Medicare Coverage Policy ~ MCAC
Executive Committee
Minutes for December 8, 1999 Meeting (For more information,
contact the Executive
Secretary.)
Attendees Harold C. Sox, M.D.
Chairperson
Robert H. Brook, MD Vice-Chairperson
Sharon Lappalainen Executive Secretary
Voting Members Thomas V. Holohan, MA,
MD, FACP Leslie P. Francis, JD, PhD John H. Ferguson, MD
Robert L. Murray, PhD Alan M. Garber, MD, PhD Michael D.
Maves, MD, MBA David M. Eddy, MD, PhD Frank J.
Papatheofanis, MD, PhD Ronald M. Davis, MD Daisy
Alford-Smith, PhD Joe W. Johnson, DC > Consumer
Representative Linda Bergthold, PhD
Industry Representative Randel E.
Richner, MPH
HCFA Representative Hugh
F. Hill III, MD, JD Ron Milhorn John Whyte, MD Harry
Burke, MD, PhD.
Open Public Session
Greg Raab, PhD Bradley Thompson, JD Larry M.

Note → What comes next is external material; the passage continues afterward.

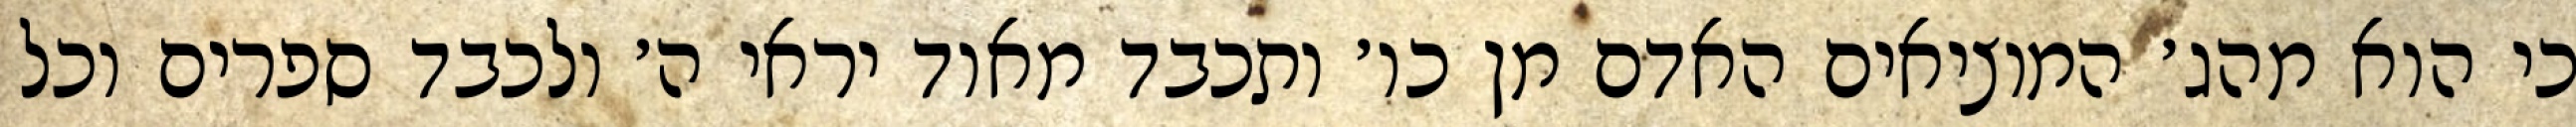
כי הוא מהג׳ המוציאים האדם מן כו׳ ותכבד מאוד יראי ה׳ ולכבד ספרים וכל

Wiesenthal, MD, PhD Robert Nagourney, MD Frank Kiesner
Elizabeth Panke, MD, PhD
Wednesday, December 8, 1999, 8:00 a.m.
The Executive Committee met and heard reports from recent
meetings of the Medicare Coverage Advisory Committee (MCAC) medical
specialty panels. The committee also considered how to provide
guidance to and substantive coordination among MCAC panels. For
example, the Committee considered the levels of evidence, types of
information needed, and the nature of issues that would be
considered by the medical specialty panels at future meetings. This
was the first meeting of the Executive Committee of the MCAC and it
began with the introduction of the panelists, a reading of the
conflict of interest statement, and the call to order.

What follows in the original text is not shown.